Als Schirmherrin begleitet sie fortan die Förderinitiative "digital.engagiert" von Stifterverband und Amazon, in deren Kontext die aktuelle Studie veröffentlicht wurde. Ralf Kleber, Country Manager Amazon.de und Mitinitiator der Initiative, betont: "Digitalisierung soll nicht nur Unternehmen zu Gute kommen. Wir wollen, dass auch die Zivilgesellschaft davon profitiert. Dafür öffnen wir unsere Türen und stehen mit Technologie-Expertise sowie finanzieller Unterstützung bereit."
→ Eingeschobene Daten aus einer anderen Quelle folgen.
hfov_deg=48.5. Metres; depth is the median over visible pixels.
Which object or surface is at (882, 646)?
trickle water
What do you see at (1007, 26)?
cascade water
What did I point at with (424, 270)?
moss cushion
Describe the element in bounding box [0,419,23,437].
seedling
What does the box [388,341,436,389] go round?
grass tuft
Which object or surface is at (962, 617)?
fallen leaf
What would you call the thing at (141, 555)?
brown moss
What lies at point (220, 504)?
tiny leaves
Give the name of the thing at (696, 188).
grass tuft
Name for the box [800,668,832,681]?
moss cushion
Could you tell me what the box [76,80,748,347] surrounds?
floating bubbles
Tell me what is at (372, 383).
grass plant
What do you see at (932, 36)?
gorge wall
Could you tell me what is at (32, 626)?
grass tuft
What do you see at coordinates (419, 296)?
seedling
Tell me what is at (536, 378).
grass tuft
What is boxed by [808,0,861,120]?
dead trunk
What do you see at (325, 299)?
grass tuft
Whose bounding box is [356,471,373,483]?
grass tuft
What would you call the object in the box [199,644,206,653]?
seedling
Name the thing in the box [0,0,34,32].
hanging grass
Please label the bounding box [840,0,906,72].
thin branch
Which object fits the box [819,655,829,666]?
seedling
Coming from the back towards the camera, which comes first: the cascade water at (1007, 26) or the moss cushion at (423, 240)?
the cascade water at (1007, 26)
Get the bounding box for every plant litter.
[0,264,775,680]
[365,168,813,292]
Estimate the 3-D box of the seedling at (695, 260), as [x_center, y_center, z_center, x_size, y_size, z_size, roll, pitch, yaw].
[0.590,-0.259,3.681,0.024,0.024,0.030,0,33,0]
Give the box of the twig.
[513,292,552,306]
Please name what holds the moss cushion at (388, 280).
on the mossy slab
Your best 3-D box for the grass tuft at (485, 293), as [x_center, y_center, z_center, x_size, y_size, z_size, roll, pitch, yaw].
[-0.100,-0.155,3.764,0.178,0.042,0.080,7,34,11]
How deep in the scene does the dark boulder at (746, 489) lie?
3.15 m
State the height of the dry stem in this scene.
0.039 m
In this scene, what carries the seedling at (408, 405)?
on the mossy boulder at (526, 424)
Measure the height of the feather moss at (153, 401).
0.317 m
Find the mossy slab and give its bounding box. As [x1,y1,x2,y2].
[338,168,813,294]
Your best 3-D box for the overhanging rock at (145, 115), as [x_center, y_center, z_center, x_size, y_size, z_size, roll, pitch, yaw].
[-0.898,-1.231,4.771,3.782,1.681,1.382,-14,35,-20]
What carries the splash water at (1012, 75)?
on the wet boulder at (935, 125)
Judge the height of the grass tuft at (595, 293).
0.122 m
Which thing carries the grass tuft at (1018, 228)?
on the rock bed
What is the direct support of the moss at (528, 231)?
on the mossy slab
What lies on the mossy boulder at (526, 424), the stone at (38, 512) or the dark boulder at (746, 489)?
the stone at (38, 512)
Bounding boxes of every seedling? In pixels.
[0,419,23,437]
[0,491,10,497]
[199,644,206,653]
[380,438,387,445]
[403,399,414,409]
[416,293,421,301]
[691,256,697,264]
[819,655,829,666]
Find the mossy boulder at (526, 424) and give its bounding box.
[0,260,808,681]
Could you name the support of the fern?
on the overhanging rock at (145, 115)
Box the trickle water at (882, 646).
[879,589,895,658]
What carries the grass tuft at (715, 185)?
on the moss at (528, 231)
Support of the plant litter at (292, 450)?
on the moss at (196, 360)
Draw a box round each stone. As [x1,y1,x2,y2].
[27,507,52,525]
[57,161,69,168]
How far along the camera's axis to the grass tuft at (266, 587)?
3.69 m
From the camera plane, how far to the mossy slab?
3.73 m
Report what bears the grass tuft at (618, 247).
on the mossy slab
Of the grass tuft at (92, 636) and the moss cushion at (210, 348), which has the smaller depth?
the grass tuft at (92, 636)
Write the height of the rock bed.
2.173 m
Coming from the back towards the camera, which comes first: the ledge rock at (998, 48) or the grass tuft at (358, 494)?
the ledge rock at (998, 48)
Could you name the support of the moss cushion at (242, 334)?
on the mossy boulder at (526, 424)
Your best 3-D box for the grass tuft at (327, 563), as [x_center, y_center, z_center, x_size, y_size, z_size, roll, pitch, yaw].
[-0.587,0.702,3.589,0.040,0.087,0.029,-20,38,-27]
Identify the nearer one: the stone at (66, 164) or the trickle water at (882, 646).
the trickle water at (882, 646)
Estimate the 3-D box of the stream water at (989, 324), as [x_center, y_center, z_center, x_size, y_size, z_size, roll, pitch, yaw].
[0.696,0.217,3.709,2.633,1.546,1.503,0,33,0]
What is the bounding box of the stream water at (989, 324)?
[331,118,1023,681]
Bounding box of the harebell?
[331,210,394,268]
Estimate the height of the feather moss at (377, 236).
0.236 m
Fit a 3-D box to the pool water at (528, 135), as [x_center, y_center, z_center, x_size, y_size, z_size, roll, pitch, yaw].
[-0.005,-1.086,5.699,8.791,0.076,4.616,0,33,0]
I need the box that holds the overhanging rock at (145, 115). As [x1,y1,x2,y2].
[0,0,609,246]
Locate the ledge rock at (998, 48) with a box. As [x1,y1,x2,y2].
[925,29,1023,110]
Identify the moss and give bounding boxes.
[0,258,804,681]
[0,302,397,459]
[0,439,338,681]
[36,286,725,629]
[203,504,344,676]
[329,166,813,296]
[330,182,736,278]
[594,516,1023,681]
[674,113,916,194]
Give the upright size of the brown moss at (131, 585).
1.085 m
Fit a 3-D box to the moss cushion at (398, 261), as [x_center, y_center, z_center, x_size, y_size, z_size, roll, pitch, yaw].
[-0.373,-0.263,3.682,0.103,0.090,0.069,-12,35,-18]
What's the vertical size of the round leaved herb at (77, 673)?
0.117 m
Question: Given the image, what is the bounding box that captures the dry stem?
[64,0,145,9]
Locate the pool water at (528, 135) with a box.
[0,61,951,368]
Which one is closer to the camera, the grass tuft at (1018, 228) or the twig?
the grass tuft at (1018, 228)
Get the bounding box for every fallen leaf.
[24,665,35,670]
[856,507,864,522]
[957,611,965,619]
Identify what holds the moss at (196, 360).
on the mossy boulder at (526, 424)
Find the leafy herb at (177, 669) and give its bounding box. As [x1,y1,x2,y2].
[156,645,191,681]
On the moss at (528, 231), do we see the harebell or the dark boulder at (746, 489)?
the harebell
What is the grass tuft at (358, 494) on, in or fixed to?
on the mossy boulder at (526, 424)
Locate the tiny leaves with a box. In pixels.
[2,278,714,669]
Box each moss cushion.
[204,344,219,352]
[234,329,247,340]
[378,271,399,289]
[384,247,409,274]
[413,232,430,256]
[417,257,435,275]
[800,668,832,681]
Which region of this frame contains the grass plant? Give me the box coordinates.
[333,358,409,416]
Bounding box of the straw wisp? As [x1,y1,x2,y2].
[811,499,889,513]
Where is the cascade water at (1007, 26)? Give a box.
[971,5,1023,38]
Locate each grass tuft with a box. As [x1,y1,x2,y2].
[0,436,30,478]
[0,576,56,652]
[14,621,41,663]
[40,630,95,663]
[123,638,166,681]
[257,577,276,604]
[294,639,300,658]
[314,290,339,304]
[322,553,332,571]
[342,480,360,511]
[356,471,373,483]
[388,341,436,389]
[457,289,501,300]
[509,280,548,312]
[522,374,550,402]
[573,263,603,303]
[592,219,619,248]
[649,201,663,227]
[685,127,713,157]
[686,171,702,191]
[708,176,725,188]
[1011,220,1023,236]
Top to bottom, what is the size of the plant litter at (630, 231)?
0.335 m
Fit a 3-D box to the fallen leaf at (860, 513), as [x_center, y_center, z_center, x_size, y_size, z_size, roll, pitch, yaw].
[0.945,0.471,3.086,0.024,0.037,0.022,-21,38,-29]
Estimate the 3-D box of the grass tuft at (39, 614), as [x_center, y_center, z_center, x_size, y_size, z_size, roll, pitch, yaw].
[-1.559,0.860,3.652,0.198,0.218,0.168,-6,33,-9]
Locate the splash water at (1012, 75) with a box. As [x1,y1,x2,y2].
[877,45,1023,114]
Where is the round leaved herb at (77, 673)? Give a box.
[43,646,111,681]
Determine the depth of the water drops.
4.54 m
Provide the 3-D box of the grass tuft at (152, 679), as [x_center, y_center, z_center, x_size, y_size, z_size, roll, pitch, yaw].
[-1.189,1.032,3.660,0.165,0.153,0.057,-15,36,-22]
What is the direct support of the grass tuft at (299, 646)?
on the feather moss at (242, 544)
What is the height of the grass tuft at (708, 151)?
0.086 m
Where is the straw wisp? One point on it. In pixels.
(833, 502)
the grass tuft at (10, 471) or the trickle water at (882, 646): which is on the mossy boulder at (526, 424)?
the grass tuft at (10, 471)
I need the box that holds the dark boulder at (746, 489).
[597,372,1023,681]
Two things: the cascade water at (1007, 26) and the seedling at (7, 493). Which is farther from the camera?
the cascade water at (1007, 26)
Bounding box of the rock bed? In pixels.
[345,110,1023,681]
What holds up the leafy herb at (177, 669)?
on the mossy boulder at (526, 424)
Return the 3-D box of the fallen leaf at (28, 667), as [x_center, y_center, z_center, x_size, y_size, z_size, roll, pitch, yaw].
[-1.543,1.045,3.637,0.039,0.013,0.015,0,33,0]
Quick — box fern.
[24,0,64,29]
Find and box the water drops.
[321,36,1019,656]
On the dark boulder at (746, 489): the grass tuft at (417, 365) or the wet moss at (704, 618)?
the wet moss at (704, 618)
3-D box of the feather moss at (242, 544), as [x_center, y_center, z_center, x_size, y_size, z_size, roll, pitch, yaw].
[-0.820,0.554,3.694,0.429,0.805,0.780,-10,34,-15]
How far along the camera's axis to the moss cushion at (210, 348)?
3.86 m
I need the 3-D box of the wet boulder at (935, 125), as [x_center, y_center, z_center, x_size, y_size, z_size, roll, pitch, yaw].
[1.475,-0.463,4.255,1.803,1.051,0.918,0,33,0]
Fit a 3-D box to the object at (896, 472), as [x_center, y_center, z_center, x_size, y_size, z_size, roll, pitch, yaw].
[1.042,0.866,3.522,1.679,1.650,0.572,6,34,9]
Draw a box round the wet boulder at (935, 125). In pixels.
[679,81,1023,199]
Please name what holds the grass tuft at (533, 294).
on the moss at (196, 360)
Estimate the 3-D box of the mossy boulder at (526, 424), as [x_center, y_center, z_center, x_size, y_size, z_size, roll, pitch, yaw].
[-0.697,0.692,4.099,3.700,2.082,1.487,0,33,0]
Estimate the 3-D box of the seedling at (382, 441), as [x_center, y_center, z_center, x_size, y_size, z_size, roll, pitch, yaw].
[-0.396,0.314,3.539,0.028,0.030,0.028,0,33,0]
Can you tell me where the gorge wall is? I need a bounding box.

Auftraggeber der Studie "Vereinssterben in ländlichen Regionen - Digitalisierung als Chance" ist die Förderinitiative "digital.engagiert" von Amazon und Stifterverband, die Vereine und gemeinnützige Organisationen bei ihren Projektideen zur Digitalisierung der Zivilgesellschaft unterstützt.

Im Jahr 2016 waren in baden-württembergischen Sportvereinen nach Angaben des Landessportverbands über 3,9 Mill. Menschen organisiert. Die höchsten Mitgliederzahlen hatten hierbei die Sportfachverbände Turnen, Fußball und Tennis. Ein großes Plus der Mitgliedszahlen verzeichnete der Fachverband Bergsport/Klettern, wo knapp 9' 000 neue Mitglieder registriert wurden.

Turnen war unter den Sportlerinnen und Fußball unter den Sportlern die beliebteste Sportart. Knapp ein Viertel der Vereinsmitglieder war jünger als 15 Jahre. Der Seniorensport behielt seine Bedeutung: 19 % der Mitglieder waren über 60 Jahre alt, fast 16' 000 Mitglieder mehr als 2015 gab es allein in dieser Altersgruppe.